Uma coisa que o Sérgio também mencionou é que a OpenAI não é uma empresa muito antiga. Ela foi fundada no final de 2015, praticamente em 2016, se pensarmos nisso. Então, ela tem apenas cerca de 6 anos de existência. E conseguiram desenvolver algo que está mudando e continuará a mudar o jogo.
Será que os indianos conseguirão chegar ao mesmo nível com apenas 5 anos de treinamento?
Sérgio Lopes
É, o ponto dele é que daqui 5 anos o OpenAI já tá… putz…
Sébastien Stecker
É o “first mover advantage” como eles falam em inglês.
Fabricio Carraro
É a vantagem de quem chega primeiro, basicamente.
Sébastien Stecker
Sim, sim.
Fabricio Carraro
Algo assim.
Sébastien Stecker
Acho que nesse caso se aplica sim.
Fabricio Carraro
E eu queria abordar agora a parte das ferramentas, as ferramentas de inteligência artificial aplicada que vocês estão utilizando recentemente.
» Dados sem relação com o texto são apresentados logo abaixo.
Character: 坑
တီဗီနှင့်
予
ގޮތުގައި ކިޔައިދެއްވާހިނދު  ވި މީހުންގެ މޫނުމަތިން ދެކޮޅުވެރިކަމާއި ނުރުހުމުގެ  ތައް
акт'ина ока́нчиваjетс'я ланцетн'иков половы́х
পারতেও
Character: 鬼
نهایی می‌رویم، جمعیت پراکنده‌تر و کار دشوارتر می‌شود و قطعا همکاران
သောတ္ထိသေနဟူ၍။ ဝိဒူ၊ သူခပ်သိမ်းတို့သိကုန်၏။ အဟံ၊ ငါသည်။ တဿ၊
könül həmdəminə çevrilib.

Então, no seu dia a dia nas últimas semanas, há algo novo ou algo que vocês gostariam de mencionar aqui para os nossos ouvintes?
André Cunha
Eu não tenho usado nenhuma ferramenta muito nova, mas tenho aprendido mais sobre o Whisper, que é da própria OpenAI.
Com o Whisper, é possível fazer o upload de áudios e vídeos para que sejam transcritos. Além disso, há formas de passar um prompt para ele antes de gerar a transcrição. Essa abordagem contextual melhora bastante o resultado final em comparação com a transcrição bruta.
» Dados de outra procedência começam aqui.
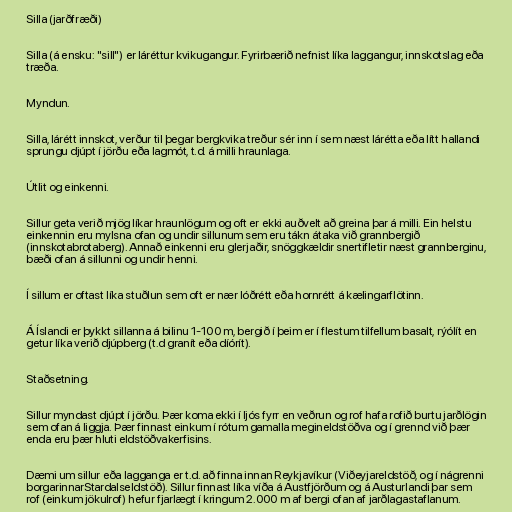
Silla (jarðfræði)

Silla (á ensku: "sill") er láréttur kvikugangur. Fyrirbærið nefnist líka laggangur, innskotslag eða
træða.

Myndun.

Silla, lárétt innskot, verður til þegar bergkvika treður sér inn í sem næst lárétta eða lítt hallandi
sprungu djúpt í jörðu eða lagmót, t.d. á milli hraunlaga.

Útlit og einkenni.

Sillur geta verið mjög líkar hraunlögum og oft er ekki auðvelt að greina þar á milli. Ein helstu
einkennin eru mylsna ofan og undir sillunum sem eru tákn átaka við grannbergið
(innskotabrotaberg). Annað einkenni eru glerjaðir, snöggkældir snertifletir næst grannberginu,
bæði ofan á sillunni og undir henni.

Í sillum er oftast líka stuðlun sem oft er nær lóðrétt eða hornrétt á kælingarflötinn.

Á Íslandi er þykkt sillanna á bilinu 1-100 m, bergið í þeim er í flestum tilfellum basalt, rýólít en
getur líka verið djúpberg (t.d granít eða díórít).

Staðsetning.

Sillur myndast djúpt í jörðu. Þær koma ekki í ljós fyrr en veðrun og rof hafa rofið burtu jarðlögin
sem ofan á liggja. Þær finnast einkum í rótum gamalla megineldstöðva og í grennd við þær
enda eru þær hluti eldstöðvakerfisins.

Dæmi um sillur eða lagganga er t.d. að finna innan Reykjavíkur (Viðeyjareldstöð, og í nágrenni
borgarinnarStardalseldstöð). Sillur finnast líka víða á Austfjörðum og á Austurlandi þar sem
rof (einkum jökulrof) hefur fjarlægt í kringum 2.000 m af bergi ofan af jarðlagastaflanum.

Palavras que normalmente os transcritores costumam errar, como nomes de pessoas ou nomes de ferramentas específicas, podem ser incluídas no contexto, e o Whisper dá prioridade a essas palavras quando as detecta. Isso faz com que o resultado fique muito próximo de 100%, pelo menos em vídeos curtos.
E até mesmo em vídeos longos, o resultado tem sido muito bom.
Fabricio Carraro
A gente gravou um episódio do Nerdtech com o pessoal do Nerdcast recentemente, onde mencionamos e discutimos bastante sobre o Whisper. Nesse episódio, eu também mencionei que tenho utilizado o Whisper em um podcast que ensina português para estrangeiros. E é impressionante o quanto ele é superior às ferramentas que eu usava antes.
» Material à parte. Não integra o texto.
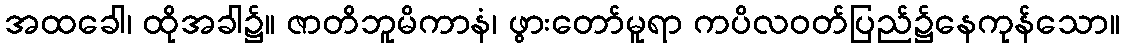
အထခေါ၊ ထိုအခါ၌။ ဇာတိဘူမိကာနံ၊ ဖွားတော်မူရာ ကပိလဝတ်ပြည်၌နေကုန်သော။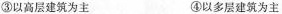
③以高层建筑为主 ④以多层建筑为主

Mesmo sem prompt, o Whisper entrega uma transcrição com uma precisão de 98%, 99%, no mínimo 95%. Além disso, ele realiza a pontuação e os espaços corretamente. É uma das ferramentas que mais me surpreende, o Whisper. Exceto pelas ferramentas de imagens, é uma classe à parte para mim.
Sébastien Stecker
Sim, André, o que você mencionou é verdadeiro e interessante sobre o Whisper. É possível utilizar um prompt, e essa é uma descoberta que fiz recentemente. Embora o Whisper tenha sido lançado no ano passado, outra coisa interessante é que ele é da OpenAI, mas também é open source. Isso significa que há muitas pessoas no GitHub que publicam versões diferentes ou tentam aprimorar o modelo de diversas maneiras.
Por exemplo, eu utilizei o modelo para filmes e percebi que não funciona muito bem nesse contexto. O modelo base inicial tem algumas alucinações quando há música, por exemplo, e ocorrem coisas estranhas. Na verdade, não entendo o motivo, mas existem pessoas que têm conseguido melhorar isso e descobriram várias maneiras de resolver esses problemas. Portanto, é uma vantagem do Open Source, e acredito que a OpenAI compreendeu como a comunidade Open Source pode aprimorar esse modelo.
Fabricio Carraro
Teve uma coisa interessante que o Sebastien me mostrou durante esta semana. É uma outra ferramenta chamada ControlNet, que ainda não está exatamente pronta para o público, mas dá para brincar.
O Sebastien descobriu um grupo de pessoas no Reddit que estão criando QR Codes de uma maneira maravilhosa. Você sabe, aqueles códigos que você escaneia com o celular em um restaurante? Aliás, sou contra menus com QR Codes, acho que isso deveria ser abolido.
Mas voltando ao assunto, esses criadores estão estilizando os QR Codes de uma forma incrível. Eles usam desenhos lindíssimos, com animações e cidades futurísticas. Quando você olha, vê apenas um desenho, mas consegue identificar os três quadradinhos característicos do QR Code. Aí você coloca o celular para escanear e o aplicativo entende que é um QR Code e faz a leitura para você. É uma forma de personalizar e dar estilo aos códigos.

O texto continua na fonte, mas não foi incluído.